REPUBLIKA.CO.ID, JAKARTA -- Otoritas Jasa Keuangan (OJK) meminta industri perbankan dapat mempertebal pencadangan sebagai antisipasi lonjakan kredit bermasalah. Adapun langkah ini dilakukan pascarestrukturisasi kredit.
Kepala Eksekutif Pengawas Perbankan OJK Heru Kristiyana, mengatakan, beberapa bank sudah ada yang membentuk Cadangan Kerugian Penurunan Nilai (CKPN) di tengah pandemi Covid-19. Namun tak sedikit pula perbankan yang belum menyiapkan CKPN.

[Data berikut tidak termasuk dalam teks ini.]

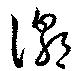
潮
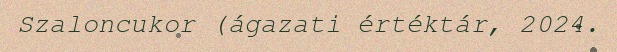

“Saya tidak pernah lelah mengingatkan (perbankan) untuk siapkan CKPN, pupuk pelan-pelan,” ujarnya kepada wartawan, Senin (23/11).
Menurutnya, selama masa pandemi, otoritas memang memberikan relaksasi kredit khusus bagi debitur terdampak pandemi Covid-19. Perbankan juga diperbolehkan tidak membentuk CKPN karena kredit hasil restrukturisasi bisa langsung dianggap lancar.
“Ya kita tekankan, pembentukan CKPN jangan business as usual. Ada bank yang sudah bentuk pencadangan 100 persen tapi masih ada yang belum. Ini yang kita ingatkan, jangan lengah karena nanti bisa saja yang sudah direstrukturisasi jadi bermasalah,” jelasnya.
Jika CKPN perbankan memadai, menurutnya, maka manajemen tak perlu pusing jika kredit bermasalah melonjak saat kebijakan relaksasi restrukturisasi kredit berakhir pada 2022. Dia bilang kemungkinan debitur akan menunggak kredit pada 2022 mendatang tetap ada.
"Bersyukur kalau debitur sehat (setelah restrukturisasi sampai 2022), tapi kalau bermasalah di ujungnya, CKPN belum ada, nanti kaget," ucapnya.
Dari sisi lain, Heru juga menuturkan, belum semua nasabah memahami perihal permohonan restrukturisasi. Menurutnya, bank memiliki kewenangan menilai dan memutuskan pinjaman debitur yang akan direstrukturisasi.
“Ada nasabah yang belum terlalu paham, kalau dia ajukan ke bank pasti disetujui, tapi sebenarnya ya belum tentu. Kita beri keleluasaan kepada bank untuk menilai siapa nasabah yang perlu dapat restrukturisasi,” ucapnya.